PORTICUS AEMILIA

LA PORTICUS AEMILIA  di Claudio Di Giampasquale

Retrostante all’antico porto era distante un centinaio di metri dal fiume e collegava lo scalo merci all'Urbe. La Porticus Aemilia era parte integrante della vita e delle attività dell’Emporium, immenso complesso portuale situato nei pressi del Tevere a sud del colle Aventino, edificato in era repubblicana dagli edili curuli Marco Emilio Lepido e Lucio Emilio Paolo.

In origine la Porticus era lunga circa cinquecento metri e larga sessanta, suddivisa in più ambienti formati da 294 pilastri che in profondità creavano sette file e 50 navate, ciascuna coperta da una serie di volte sovrapposte larghe 8,30 metri. La superficie coperta totale misurava circa venticinquemila metri quadri.

I resti monumentali della Porticus Aemilia hanno caratterizzato nei secoli, insieme al Monte Testaccio e alle Mura Aureliane, il paesaggio della pianura subaventina attraversata dalla via Ostiensis. Alcuni muri superstiti sono tuttora visibili nel cuore del rione Testaccio, in via Branca, in via Rubattino e in via Florio.

Qui, a partire dall'età tardo-repubblicana, venivano immagazzinate le merci scaricate all’Emporium dalle imbarcazioni che rifornivano Roma.

Nel primo secolo dopo Cristo in epoca traianea e successivamente, altri edifici si interposero tra il fiume e la Porticus che venne interessata da ristrutturazioni volte a suddividere le navate in vani più piccoli, destinati oltre che allo stoccaggio anche ad attività manifatturiere.

Dalla la fine del quarto secolo, la piana subaventina subi un processo di “ruralizzazione” e gli edifici furono progressivamente abbandonati. Anche la Porticus Aemilia subì lo stesso destino, come testimoniano i resti delle antiche mura rinvenute nel corso degli scavi con la presenza di manufatti sepolti a ridosso.
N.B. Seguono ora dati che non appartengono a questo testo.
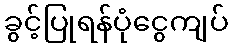
ခွင့်ပြုရန်ပုံငွေကျပ်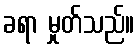
ခရာ မှုတ်သည်။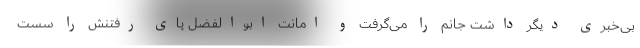
بی‌خبری دیگر داشت جانم را می‌گرفت و امانت ابوالفضل پای رفتنش را سُست

Durante il lungo periodo di abbandono l’edificio ridotto a rudere, si integrava nel paesaggio medievale e rinascimentale della piana, costituito prima da spazi rurali adibiti a orti e giardini suburbani e poi da vigneti e frutteti.
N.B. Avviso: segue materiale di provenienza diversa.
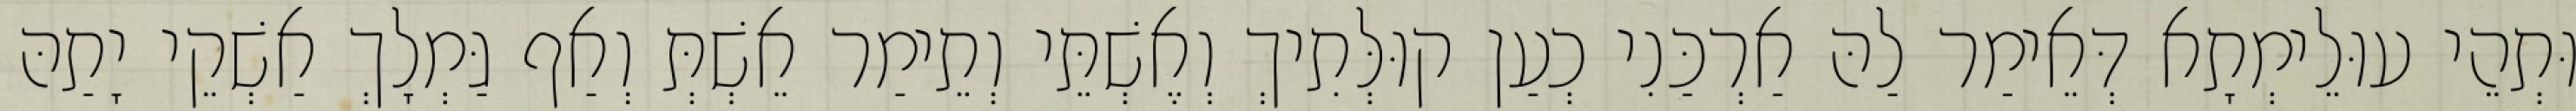
וּתְהֵי עוּלֵימְתָא דְּאֵימַר לַהּ אַרְכַּנִי כְעַן קוּלְּתִיךְ וְאֶשְׁתֵּי וְתֵימַר אֵשְׁתְּ וְאַף גַּמְלָךְ אַשְׁקֵי יָתַהּ

I resti della Porticus accolsero nel tempo una vetreria di cui resta traccia nei molti reperti rinvenuti durante gli scavi. Poi un deposito di acque minerali.

Tra la fine del 1800 e il 1900, l’ampia area subì un nuovo processo di edificazione con la nascita dell'attuale rione Testaccio, fino al recente recupero di ciò che resta dell'antica Porticus.

Indagini archeologiche condotte dalla Soprintendenza dei Beni Archeologici di Roma in collaborazione con il Koninklijk Nederlands Instituut Rome a partire dal 2011, hanno portato alla luce risultati interessanti circa l’utilizzo della Porticus nel corso dei secoli.